-x^4-3x^3+5x+6
Where does this function concave up and down?
Thanks for your help!!!
Is it
y = -x^4 - 3x^2 + 5x + 6 ?
if so, take the second derivative.
if y '' is positive , the graph of the function is concave upwards
if y '' is negative , the graph of the function is concave downwards
no its -x^4-3x^3+5x+6
A function has to be written as an equation.
You just have an expression.
Is this not Calculus?
its calculus its a webwork prob for my class
Did you get
-12x^2 - 18x as your second derivative ?
critical values for this are
x = 0 and x = -3/2
( I set these equal to zero and solved)
You know the graph will be 'W"shaped downwards because of the -x^4.
consider the value of -12x^2 - 18x for x < -3/2
(try x = -5)
The expression will be negative, so
concave downwards for x < -3/2
consider the value of -12x^2 - 18x for x between -3/2 and 0
(try x = -1)
The expression will be -12(1) - 18(-1) which is positve,
so concave upwards for -3/2 < x < 0
I will let you decide what happens for x > 0
To determine where the given function is concave up or concave down, you need to find the second derivative of the function.
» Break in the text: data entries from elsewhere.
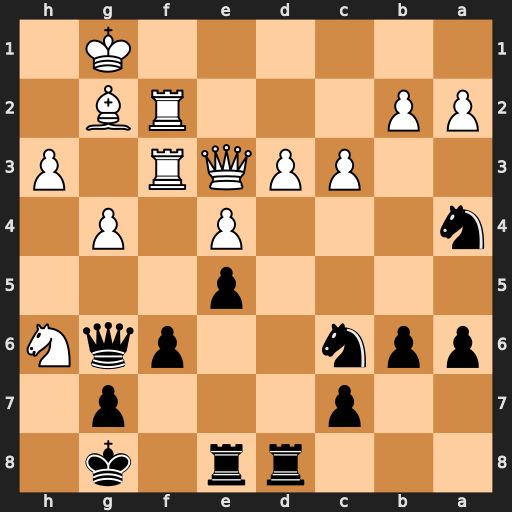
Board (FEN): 3rr1k1/2p3p1/ppn2pqN/4p3/n3P1P1/2PPQR1P/PP3RB1/6K1
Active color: b
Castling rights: -
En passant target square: -
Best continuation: Qxh6 Qxh6 gxh6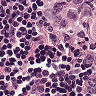
Metastatic tissue present: yes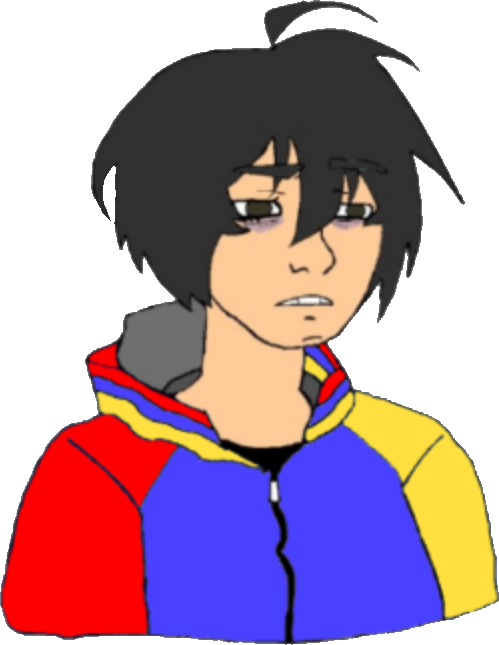
Label: 5_Twinkjak
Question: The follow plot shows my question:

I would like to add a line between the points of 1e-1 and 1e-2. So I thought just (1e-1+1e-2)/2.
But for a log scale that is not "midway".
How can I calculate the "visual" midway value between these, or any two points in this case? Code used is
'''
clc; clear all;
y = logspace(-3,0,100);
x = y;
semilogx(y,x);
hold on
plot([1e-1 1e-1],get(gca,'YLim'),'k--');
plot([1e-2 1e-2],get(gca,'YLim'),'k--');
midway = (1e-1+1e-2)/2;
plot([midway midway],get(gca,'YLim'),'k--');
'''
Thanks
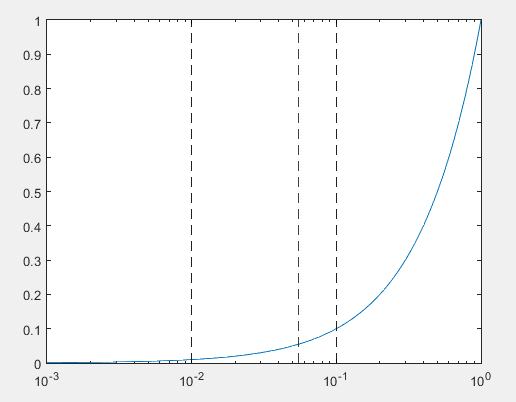
Answer: '''
a=1e-2
b=1e-1
midway = exp((log(a)+log(b))/2)
'''
Take the log to get the positions in log scale, then do the math.
You could simplify that formula and you will end up with a geometric mean:
'''
midway=sqrt(a*b)
'''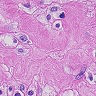
Metastatic tissue present: yes
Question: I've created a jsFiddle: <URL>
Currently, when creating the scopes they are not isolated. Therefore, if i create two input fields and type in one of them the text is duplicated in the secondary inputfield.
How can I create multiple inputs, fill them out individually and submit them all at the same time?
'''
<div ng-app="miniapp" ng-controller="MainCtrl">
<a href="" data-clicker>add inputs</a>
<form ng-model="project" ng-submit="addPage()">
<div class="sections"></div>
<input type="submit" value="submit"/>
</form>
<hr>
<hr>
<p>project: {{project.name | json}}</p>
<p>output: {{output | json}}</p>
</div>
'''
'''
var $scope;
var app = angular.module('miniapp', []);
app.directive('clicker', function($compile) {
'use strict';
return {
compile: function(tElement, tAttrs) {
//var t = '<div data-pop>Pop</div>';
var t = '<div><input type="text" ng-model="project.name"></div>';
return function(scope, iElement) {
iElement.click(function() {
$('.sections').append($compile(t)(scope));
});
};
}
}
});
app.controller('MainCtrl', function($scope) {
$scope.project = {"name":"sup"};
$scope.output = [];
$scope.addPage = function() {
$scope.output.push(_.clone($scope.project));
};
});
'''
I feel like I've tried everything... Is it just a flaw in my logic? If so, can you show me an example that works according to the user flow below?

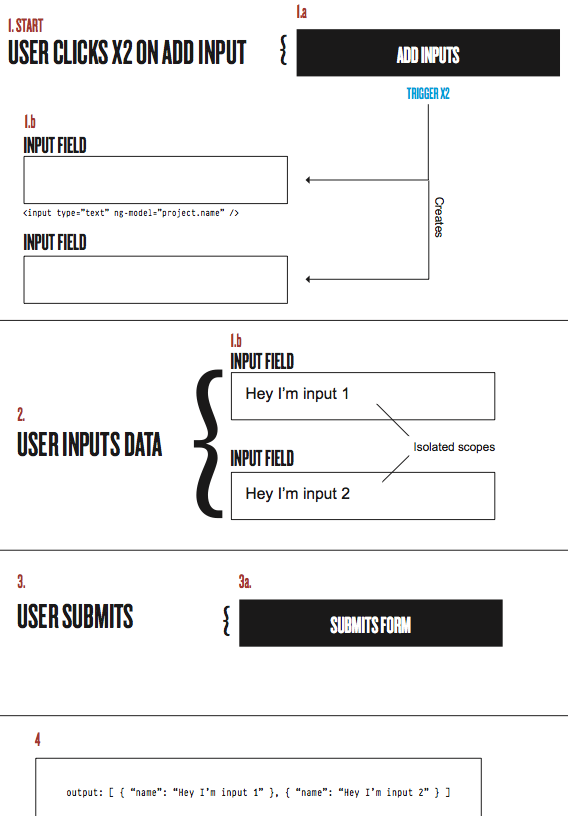
Answer: You should use Angular's <URL> directive to iterate through an array of objects and generate the input fields with data-binding.
Here is a simplified version of your code using the directive: <URL>
With ng-repeat, everything within the block becomes a template that get compiled automatically for each iteration of an array model. Think of it like a for-each loop in HTML that updates itself when the array changes.
'''
<div ng-repeat="project in projects">
<input type="text" ng-model="project.name"/>
</div>
'''
As you can see, the 'project' variable becomes accessible within the block as a reference to an object in the array. You can then use that reference to create a two-way binding on the input field with a property of that particular object.
Angular comes with a lot of useful built-in directives that solves a lot of common issues involving data-binding. Be sure to check out their API reference to see what's available.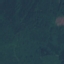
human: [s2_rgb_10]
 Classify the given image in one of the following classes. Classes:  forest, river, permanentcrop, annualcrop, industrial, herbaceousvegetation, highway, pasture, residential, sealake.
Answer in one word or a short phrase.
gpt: Forest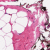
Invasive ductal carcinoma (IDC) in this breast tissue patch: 0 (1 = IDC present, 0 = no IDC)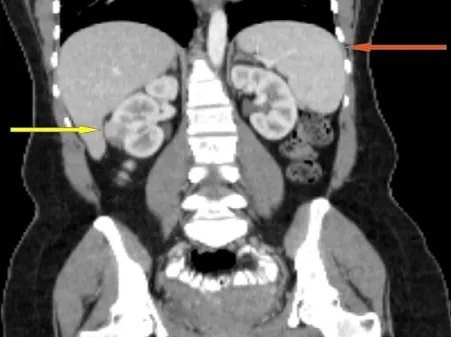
Pre-surgery coronal abdomen CT: shows spleen (red arrow), right renal mass (yellow arrow).
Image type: radiology (ct)
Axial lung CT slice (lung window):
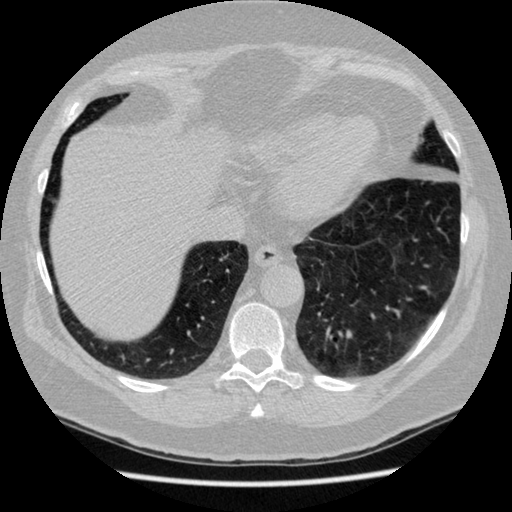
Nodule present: no
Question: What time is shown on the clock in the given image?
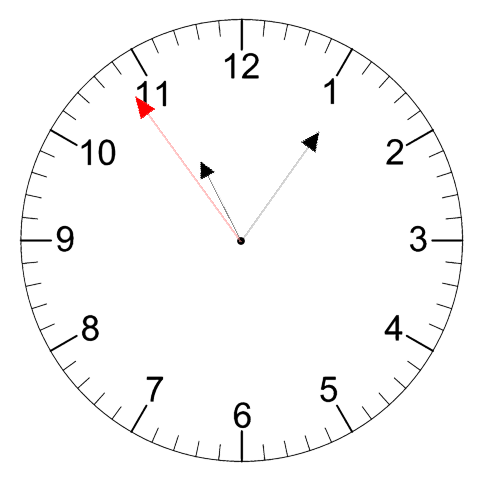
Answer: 11:05:54
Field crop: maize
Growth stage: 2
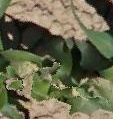
Species: maize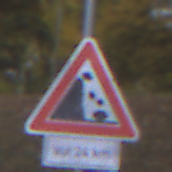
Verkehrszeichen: SteinschlagLinks
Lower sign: LaengeEinerStrecke6
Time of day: MorningAfternoon
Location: Outdoor (Urban)
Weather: Overcast
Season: NotSpecified
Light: Natural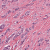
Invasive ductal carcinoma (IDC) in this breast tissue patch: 1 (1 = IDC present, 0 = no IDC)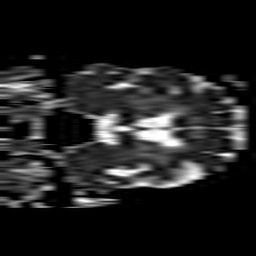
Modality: ADC
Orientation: coronal
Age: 77
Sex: female
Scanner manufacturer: philips
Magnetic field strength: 1.5 T
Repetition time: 3.136 s
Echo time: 0.06922 s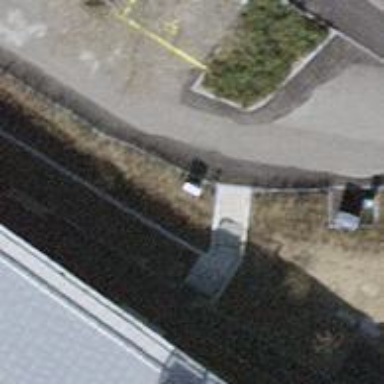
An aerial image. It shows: Set of steps on the road.

Let's follow the steps:
Step 1: Start with the given function: f(x) = -x^4 - 3x^3 + 5x + 6.
Step 2: Find the first derivative by differentiating the function: f'(x) = -4x^3 - 9x^2 + 5.
Step 3: Now, differentiate the first derivative to find the second derivative: f''(x) = -12x^2 - 18x.
Step 4: Set the second derivative equal to zero and solve for x to find the inflection points, if any.
-12x^2 - 18x = 0
Factor out -6x: -6x(2x + 3) = 0
Set each factor equal to zero:
-6x = 0 --> x = 0
2x + 3 = 0 --> 2x = -3 --> x = -3/2
So, the possible inflection points are x = 0 and x = -3/2.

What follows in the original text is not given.